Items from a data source
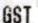
GST
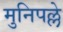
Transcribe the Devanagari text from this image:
मुनिपल्ले
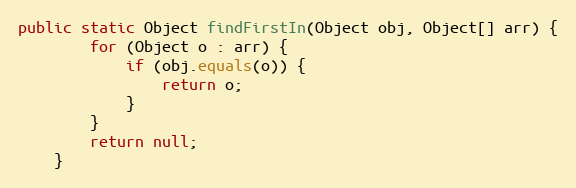
Language: Java
public static Object findFirstIn(Object obj, Object[] arr) {
		for (Object o : arr) {
			if (obj.equals(o)) {
				return o;
			}
		}
		return null;
	}
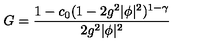
G = { \frac { 1 - c _ { 0 } ( 1 - 2 g ^ { 2 } | \phi | ^ { 2 } ) ^ { 1 - \gamma } } { 2 g ^ { 2 } | \phi | ^ { 2 } } }
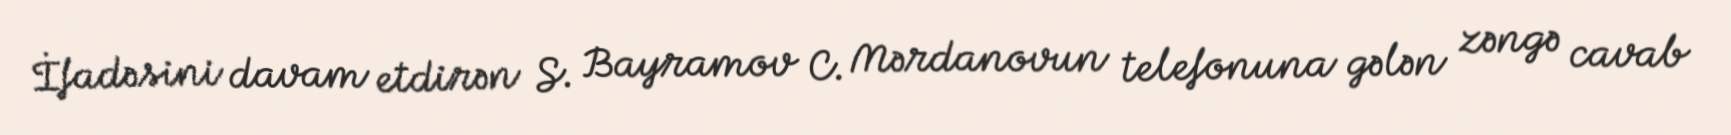
İfadəsini davam etdirən S. Bayramov C. Mərdanovun telefonuna gələn zəngə cavab
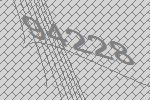
94228
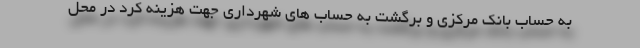
به حساب بانک مرکزی و برگشت به حساب های شهرداری جهت هزینه کرد در محل
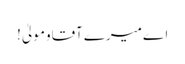
اےمیرےآقاومولیٰ!
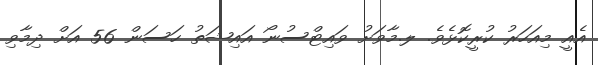
އެއީ މިއަހަރު ކުރީކޮޅެވެ. ލ.މާވަށު ވައިޓްސުނޯ އައިޝަތު ހަސަން 56 އަށް ދިމާވި
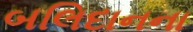
બલિદાનના
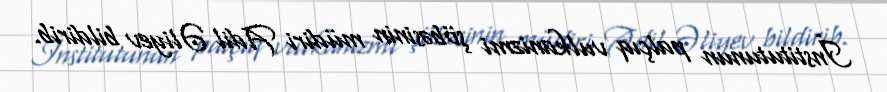
İnstitutunun palçıq vulkanizmi şöbəsinin müdiri Adil Əliyev bildirib.
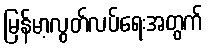
မြန်မာ့လွတ်လပ်ရေးအတွက်
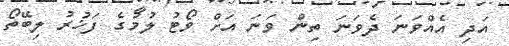
އަދި އެއްވަނަ ދެވަނަ ތިން ވަނަ އަށް ވޯޓު ލުމުގެ ފަޚުރު ލިބޭތޯ
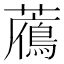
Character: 𧂶
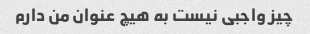
چیز واجبی نیست به هیچ عنوان من دارم
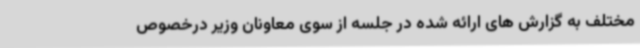
مختلف به گزارش های ارائه شده در جلسه از سوی معاونان ‌وزیر درخصوص
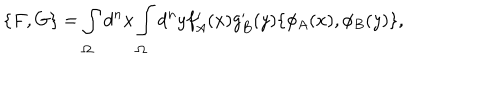
\{ F , G \} = \int _ { \Omega } d ^ { n } x \int _ { \Omega } d ^ { n } y f _ { A } ^ { \prime } ( x ) g _ { B } ^ { \prime } ( y ) \{ \phi _ { A } ( x ) , \phi _ { B } ( y ) \} ,
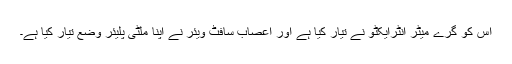
اس کو گرے میٹر انٹرایکٹو نے تیار کیا ہے اور اعصاب سافٹ ویئر نے اپنا ملٹی پلیئر وضع تیار کیا ہے۔
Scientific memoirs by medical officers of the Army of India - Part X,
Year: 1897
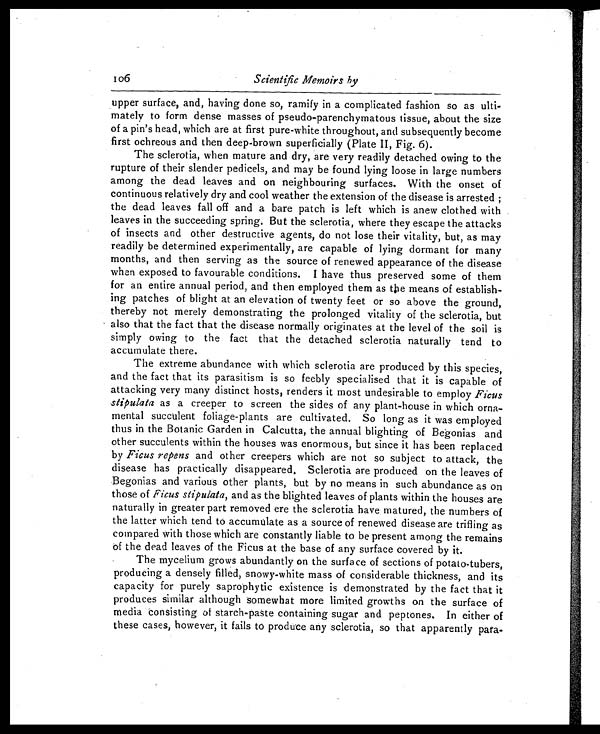
106
Scientific Memoirs by
upper surface, and, having done so, ramify in a complicated fashion so as ulti
-
mately to form dense masses of pseudo-parenchymatous tissue, about the size
of a pin's head, which are at first pure-white throughout, and subsequently become
first ochreous and then deep-brown superficially (Plate II, Fig. 6).
The sclerotia, when mature and dry, are very readily detached owing to the
rupture of their slender pedicels, and may be found lying loose in large numbers
among the dead leaves and on neighbouring surfaces. With the onset of
continuous relatively dry and cool weather the extension of the disease is arrested
the dead leaves fall off and a bare patch is left which is anew clothed with
leaves in the succeeding spring. But the sclerotia, where they escape the attacks
of insects and other destructive agents, do not lose their vitality, but, as may
readily be determined experimentally, are capable of lying dormant for many
months, and then serving as the source of renewed appearance of the disease
when exposed to favourable conditions. I have thus preserved some of them
for an entire annual period, and then employed them as the means of establish
-
ing patches of blight at an elevation of twenty feet or so above the ground,
thereby not merely demonstrating the prolonged vitality of the sclerotia, but
also that the fact that the disease normally originates at the level of the soil is
simply owing to the fact that the detached sclerotia naturally tend to
accumulate there.
The extreme abundance with which sclerotia are produced by this species,
and the fact that its parasitism is so feebly specialised that it is capable of
attacking very many distinct hosts, renders it most undesirable to employ Ficus
stipulata as a creeper to screen the sides of any plant-house in which orna
-
mental succulent foliage-plants are cultivated. So long as it was employed
thus in the Botanic Garden in Calcutta, the annual blighting of Begonias and
other succulents within the houses was enormous, but since it has been replaced
by Ficus repens and other creepers which are not so subject to attack, the
disease has practically disappeared. Sclerotia are produced on the leaves of
Begonias and various other plants, but by no means in such abundance as on
those of Ficus stipulate, and as the blighted leaves of plants within the houses are
naturally in greater part removed ere the sclerotia have matured, the numbers of
the latter which tend to accumulate as a source of renewed disease are trifling as
compared with those which are constantly liable to be present among the remains
of the dead leaves of the Ficus at the base of any surface covered by it.
The mycelium grows abundantly on the surface of sections of potato-tubers,
producing a densely filled, snowy-white mass of considerable thickness, and its
capacity for purely saprophytic existence is demonstrated by the fact that it
produces similar although somewhat more limited growths on the surface of
media consisting of starch-paste containing sugar and peptones. In either of
these cases, however, it fails to produce any sclerotia, so that apparently para-
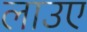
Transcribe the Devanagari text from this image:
लाउए
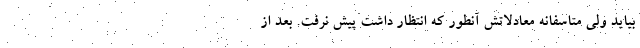
بیاید ولی متاسفانه معادلاتش آنطور که انتظار داشت پیش نرفت. بعد از
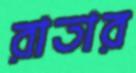
রাতার
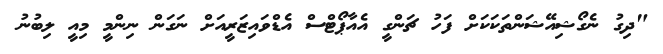
"ދިގު ނެގޯޝިއޭޝަންތަކަކަށް ފަހު ޗަންގީ އެއާޕޯޓްސް އެޑްވައިޒަރީއަށް ނަގަން ނިންމީ މިއީ ލިބުނު
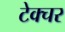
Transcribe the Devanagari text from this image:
टेक्चर
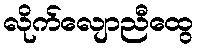
လိုက်လျောညီထွေ
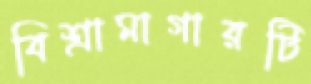
বিশ্রামাগারটি
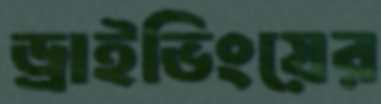
ড্রাইভিংয়ের
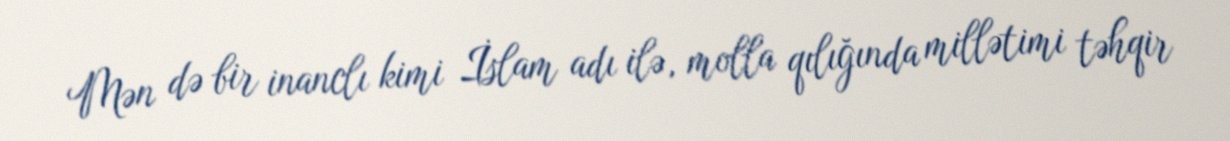
Mən də bir inanclı kimi İslam adı ilə, molla qılığında millətimi təhqir
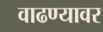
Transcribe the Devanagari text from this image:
वाढण्यावर
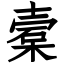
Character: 槖
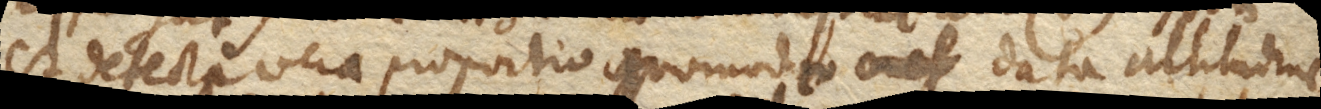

# [Work task]
Word for word, restate the lines above from the line containing "mental succulent foliage-plants" through the line containing "capacity for purely", with both included and nothing else.

# [Response]
mental succulent foliage-plants are cultivated. So long as it was employed
thus in the Botanic Garden in Calcutta, the annual blighting of Begonias and
other succulents within the houses was enormous, but since it has been replaced
by Ficus repens and other creepers which are not so subject to attack, the
disease has practically disappeared. Sclerotia are produced on the leaves of
Begonias and various other plants, but by no means in such abundance as on
those of Ficus stipulate, and as the blighted leaves of plants within the houses are
naturally in greater part removed ere the sclerotia have matured, the numbers of
the latter which tend to accumulate as a source of renewed disease are trifling as
compared with those which are constantly liable to be present among the remains
of the dead leaves of the Ficus at the base of any surface covered by it.
The mycelium grows abundantly on the surface of sections of potato-tubers,
producing a densely filled, snowy-white mass of considerable thickness, and its
capacity for purely saprophytic existence is demonstrated by the fact that it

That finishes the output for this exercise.